There’s a song by MercyMe that has been laid on my heart as I open my computer to write this. It goes like “They say sometimes you win some, Sometimes you lose some, And right now, Right now I'm losing bad. I've stood on this stage, Night after night, Reminding the broken, It'll be alright. But right now, Oh right now I just can't. It's easy to sing, When there's nothing to bring me down, But what will I say, When I'm held to the flame, Like I am right now.” Lately, a lot of change has entered my life. A lot of unexpected and sudden changes. Having a blog solely about positivity in a time where I am the least positive, is a lot of pressure. I have been a positive person my entire life but I find myself so drained right now. How can we be positive when it just feels impossible? How can you find the positive when you just don't see it?
I called my friend Ian the other day and he said to me, “sometimes you just need to take it day by day. In the morning, ask yourself what you are going to do today to make you feel better. Then do it. Don't rush into healing.” Don't rush into healing… wow, did I need to hear that! I am the type of person to just shut down in hard times and instantly try to forget and move on. I look for every possible way to move on as soon as possible, without turning to the world. I think “well if I’m not using drugs to feel better then I’m doing it the Godly way.” However, sometimes the Godly way is to just sit still and listen. Hear the Holy Spirit. How can we hear God's voice if we are so busy trying to think of ways to heal from our own voice? Those are solutions that come from our own understanding. So, what I did with that advice was not being so quick to shut out everything that I was struggling with and deleting it from my life. But to just leave it untouched and talk to God about it. Oftentimes healing IS acknowledging the situation and not just pushing it into the past.
I have been going to the beach every morning and having a long and INTENTIONAL bible study. It's important to be intentional with what we study in the bible- not just merely opening it up. I have started my day off with peace by doing this. Not everyone has a beach 5 minutes away from them, I get that! Find a quiet and safe place, someplace peaceful. No, I do not feel completely healed after these two hours with God. I wish. But, it's a process. Day by day one.
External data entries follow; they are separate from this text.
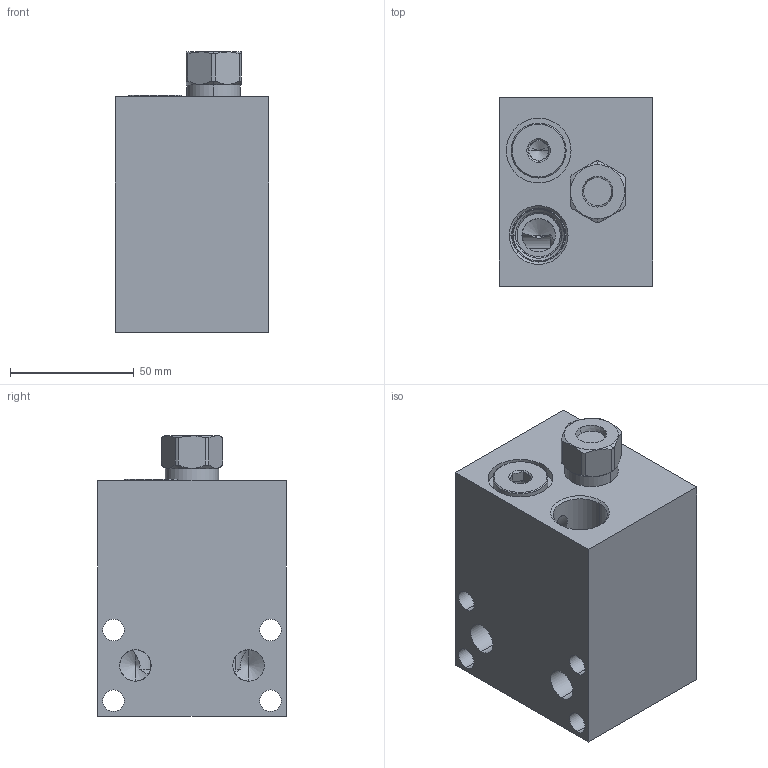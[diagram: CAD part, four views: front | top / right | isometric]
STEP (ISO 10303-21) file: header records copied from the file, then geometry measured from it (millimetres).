
FILE_DESCRIPTION((''),'2;1');
FILE_NAME('ZDX_ASM','2021-02-01T',('ProEService'),(''),'PRO/ENGINEER BY PARAMETRIC TECHNOLOGY CORPORATION, 2014200','PRO/ENGINEER BY PARAMETRIC TECHNOLOGY CORPORATION, 2014200','');
FILE_SCHEMA(('CONFIG_CONTROL_DESIGN'));
Length unit declared in the file: inch
Products named in the file (4): 151-847-001; CSAAEXN; A330-006-008; ZDX_ASM
Assembly tree (3 placements, depth 2):
  ZDX_ASM
    151-847-001
    CSAAEXN
    A330-006-008
Bounding box: 61.93 x 76.2 x 113.51 mm (x, y, z)
Volume: 376919.8 mm3; surface area: 67054.8 mm2
Topology: 4 solids, 7 shells, 326 faces, 1033 edges, 821 vertices
Faces by surface type: cylinder 136, cone 95, plane 57, torus 30, revolution 6, sphere 2
Entity records: 13039 total; most frequent: CARTESIAN_POINT 3925, DIRECTION 1992, ORIENTED_EDGE 1566, EDGE_CURVE 783, AXIS2_PLACEMENT_3D 739, VECTOR 508, LINE 508, VERTEX_POINT 484
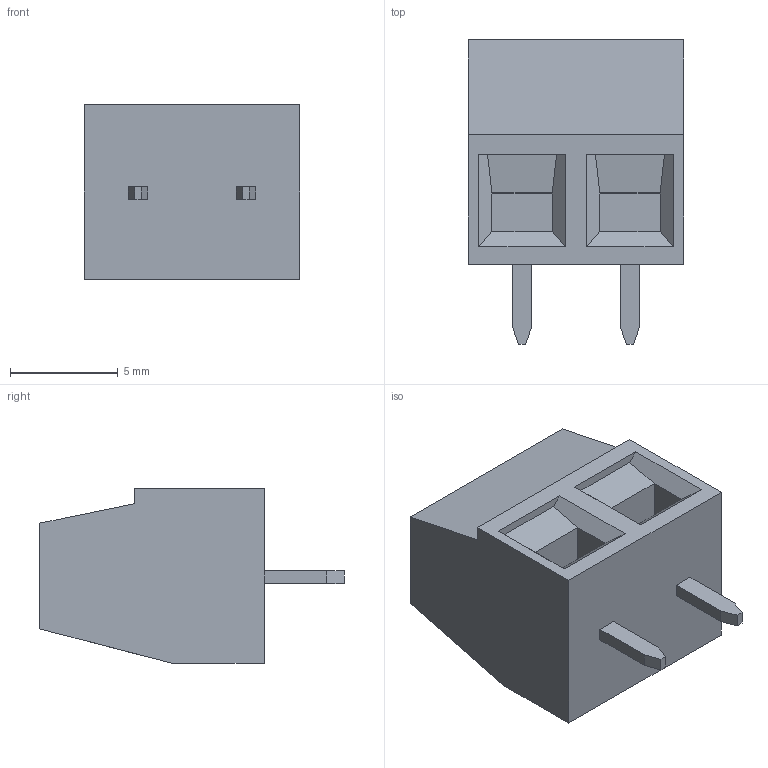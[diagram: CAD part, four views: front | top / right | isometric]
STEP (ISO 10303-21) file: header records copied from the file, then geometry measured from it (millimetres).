
FILE_DESCRIPTION (( 'STEP AP214' ), '1' );
FILE_NAME ('DG127-THR-5.0-02P-4Y-80AH.STEP', '2021-01-03T00:34:38', ( '' ), ( '' ), 'SwSTEP 2.0', 'SolidWorks 2020', '' );
FILE_SCHEMA (( 'AUTOMOTIVE_DESIGN' ));
Length unit declared in the file: millimetre
Products named in the file (1): DG127-THR-5.0-02P-4Y-80AH
Bounding box: 10 x 14.1 x 8.1 mm (x, y, z)
Volume: 649.5 mm3; surface area: 708.9 mm2
Topology: 1 solids, 1 shells, 391 faces, 1043 edges, 692 vertices
Faces by surface type: plane 235, bspline 142, cylinder 8, torus 6
Entity records: 22876 total; most frequent: CARTESIAN_POINT 10257, ORIENTED_EDGE 2086, DIRECTION 1271, EDGE_CURVE 1043, VECTOR 707, LINE 707, VERTEX_POINT 692, EDGE_LOOP 429

I may even revisit that safe place at night. Nighttime is when the thoughts run in so I try to go to bed with thoughts of my bible study. Day by day, I heal. The next verses in this song read, “I know You're able, And I know You can, Save through the fire, With your mighty hand. But even if You don't, My hope is You alone.” Worshipping God and realizing that He is not the author of evil, REALLY helps in hard times. DURING those hard times. Not just when He makes it a little better for you or when you are at church. I mean when you are having a breakdown, turn on your music or however you worship God and sing His praises knowing He is good. It's a mindset shift. Use that mindset and apply it day by day. Just calm down, relax, and take it day by day.